Hosted with decorum by maverick alternative comic Keith Allen, and presented on two stages, replete with live musicians, and a number of huge screens, the show provided a gritty and authentic re-telling, combining the familiar features of the tragedy with settings that potently evoked the spirit of the current urban landscape: the hustle and bustle, action and excitement, rubbing shoulders with shadowy dangers and imminent menace, a film noir evocation of the New Testament’s key episode.


As “Blue Monday” and “Love Will Tear Us Apart” were followed by “Sit Down” and “Heaven Knows I’m Miserable Now” (suitably sparse arrangements featuring busked guitar), the drama took on an affecting immediacy as Christ’s ordeal, from betrayal to arrest to execution, was played out. But the production had a stunning and optimistic conclusion as Morfitt was smuggled from the main stage to re-appear hundreds of feet above the crowd, perched on the balcony of the tower of Manchester’s Town Hall, singing a rousing “I Am the Resurrection”.

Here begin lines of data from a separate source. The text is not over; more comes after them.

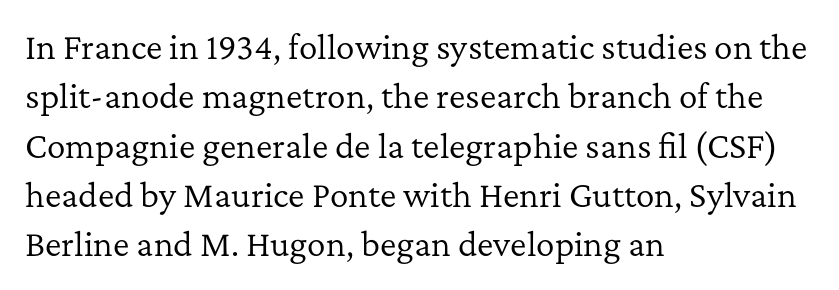
{"serif": "yes", "italic": "no", "bold": "no", "weight": "regular", "width": "normal", "stroke_contrast": "low", "x_height": "medium", "monospaced": "no", "underline": "no", "align": "left", "line_spacing": "normal", "line_spacing_ratio": 1.59, "letter_spacing": "normal", "letter_spacing_em": 0.0, "glyph_px": 31}
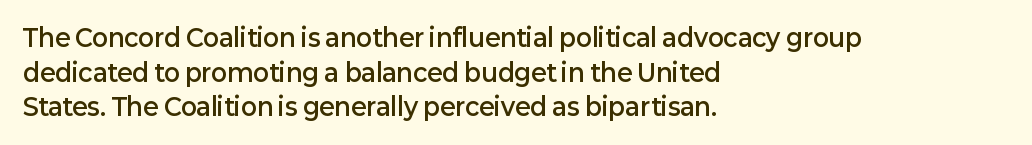
Inter-character spacing is left at the font's built-in metrics. Is there any slant? The stems are plumb. Reading down the block, your eye returns to a fixed left position each line. A semibold gives these letters moderate extra thickness, short of bold.
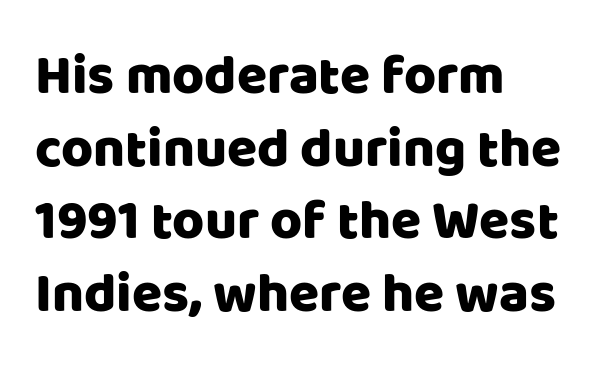
The image shows 55 px sans-serif type, upright; set left-aligned, normal line spacing (1.32x), normal letter spacing, not underlined; low stroke contrast and a large x-height.
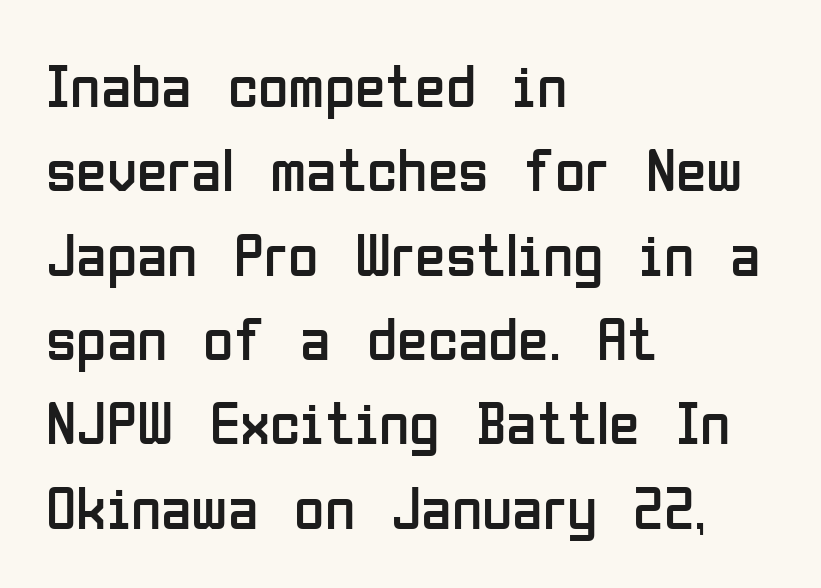
This is roman type, the default non-slanted kind. Spacing between characters is what you'd get straight out of the box. Just letters on the line, the space beneath them empty. A student would call this left alignment; a typographer would say flush left, rag right. Regarding leading, the lines here are spaced in the standard way.
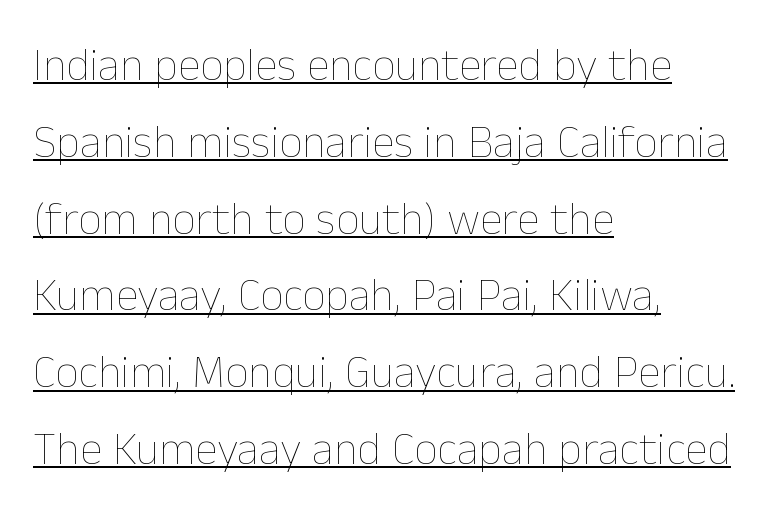
The image shows 46 px thin type, upright; set left-aligned, normal line spacing (1.67x), normal letter spacing, underlined; low stroke contrast and a medium x-height.
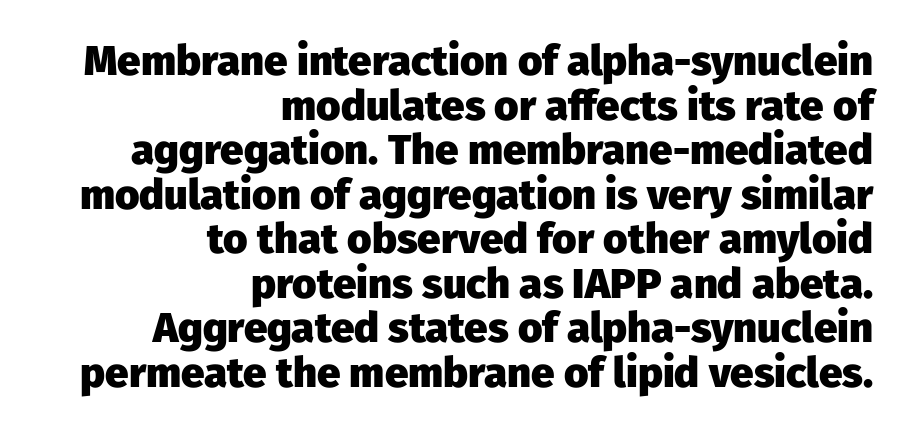
{"serif": "no", "italic": "no", "bold": "yes", "weight": "heavy", "width": "normal", "stroke_contrast": "low", "x_height": "medium", "monospaced": "no", "underline": "no", "align": "right", "line_spacing": "tight", "line_spacing_ratio": 1.06, "letter_spacing": "normal", "letter_spacing_em": 0.0, "glyph_px": 42}
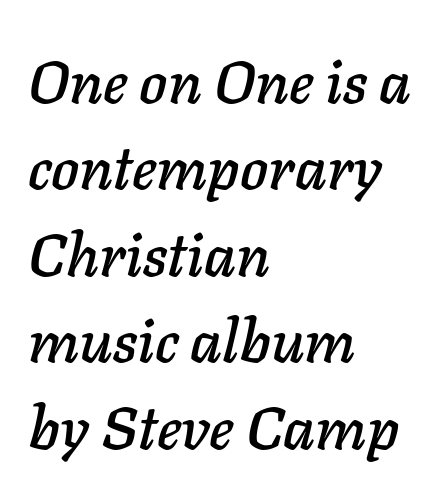
Italic: yes, the glyphs are oblique. The rendering keeps characters at their native spacing. The paragraph shown leans on its left margin. Each letter keeps its own natural width here, so spacing adapts to shape. Leading matches the norm, producing a regular column.
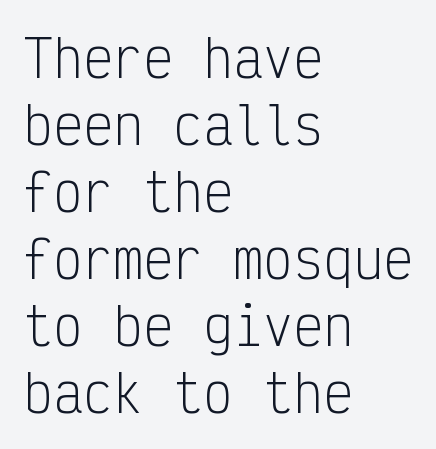
{"serif": "no", "italic": "no", "bold": "no", "weight": "light", "width": "condensed", "stroke_contrast": "low", "x_height": "medium", "monospaced": "yes", "underline": "no", "align": "left", "line_spacing": "normal", "line_spacing_ratio": 1.34, "letter_spacing": "normal", "letter_spacing_em": 0.0, "glyph_px": 50}
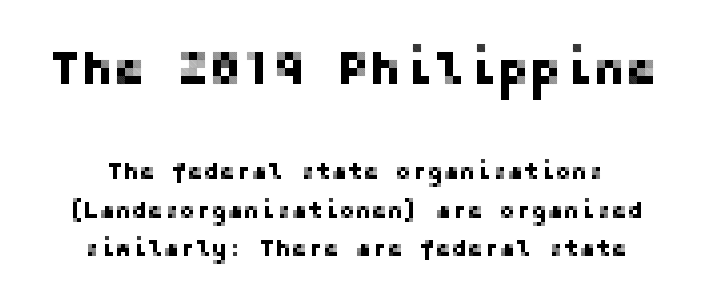
Nobody drew a line under any word here. Does extra space separate the letters? No, they use regular spacing. This sample uses an upright cut, with every glyph sitting square on the baseline. If you measured baseline to baseline, you'd find a middling distance. Note: larger setting up top, smaller setting below. Grotesque or geometric, the face here clearly has no serifs.
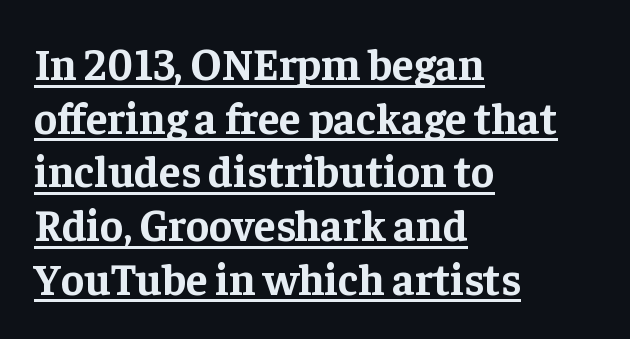
The image shows 44 px bold serif type, upright; set left-aligned, line spacing 1.22x, normal letter spacing, underlined; low stroke contrast and a medium x-height.
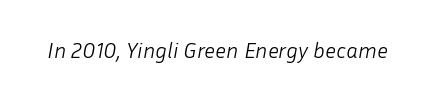
Descenders hang freely into open space. The axis of the letterforms is tilted away from vertical. Observe the ordinary spacing: letters are neighbours, not strangers. These glyphs show unthickened strokes, regular width or finer.
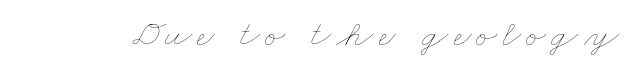
Clear beneath every line of the passage. Think of a printed novel: that variable character pitch is what you see here. The weight tops out at a normal text grade.
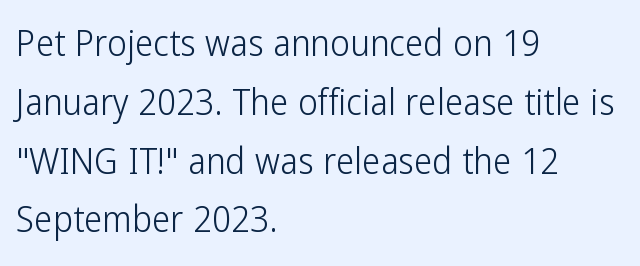
In terms of letterspacing, this is plain default setting. Glance below the letters and you will spot only blank space. Varying glyph widths throughout — classic text-font behaviour. These lines sit exactly where default settings would place them.
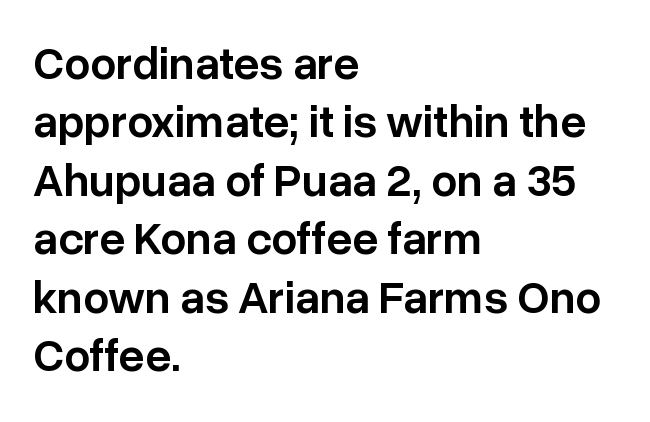
Q: Is the text bold? A: Semi-bold.
Q: Is the text italic (slanted)? A: No, it is upright.
Q: Is the typeface a serif or a sans-serif typeface? A: Sans-serif.
Q: Is the text underlined? A: No.
Q: How is the paragraph aligned? A: Left-aligned.
Q: Is the spacing between letters normal or unusually wide? A: Normal.
Q: Is the spacing between lines tight, normal or loose? A: Normal.
Q: Width (condensed, normal, or wide)? A: Normal.
Q: Stroke contrast? A: Low.
Q: x-height? A: Medium.
Q: Monospaced? A: No.

This coup de theatre ended a memorable evening, and on these Mancunian streets there was a strong sense that 2,000 year old meanings had been invigorated by this latter-day Passion play. Even the TV version, recorded and repeated later that night, managed to convey something of the essence of what had happened, vividly and vigorously, in the flesh. Religion may be last millennium’s thing for all too many in this land, but the power of this ancient parable was enhanced, not diminished, by this bold blend of Biblical tale and home-grown rock’n'roll.


Nor did this bold experiment bring much other than a positive reception for the faithful and sceptics who braved the cool evening air to take in this one-off spectacle. Even the city’s most senior churchman, the Bishop of Manchester, Nigel McCulloch, condoned the celebration, telling the BBC’s website that The Manchester Passion had “a sincerity and an ability to shock and connect that is not far removed from how it must have been on the first Good Friday”; (http://news.bbc.co.uk/1/hi/england/manchester/4908894.stm). And, as a witness to this hour-long street show, I must concur that the spirit of an ancient text was certainly re-kindled amid the hi-tech architecture and shimmering neon of an April night.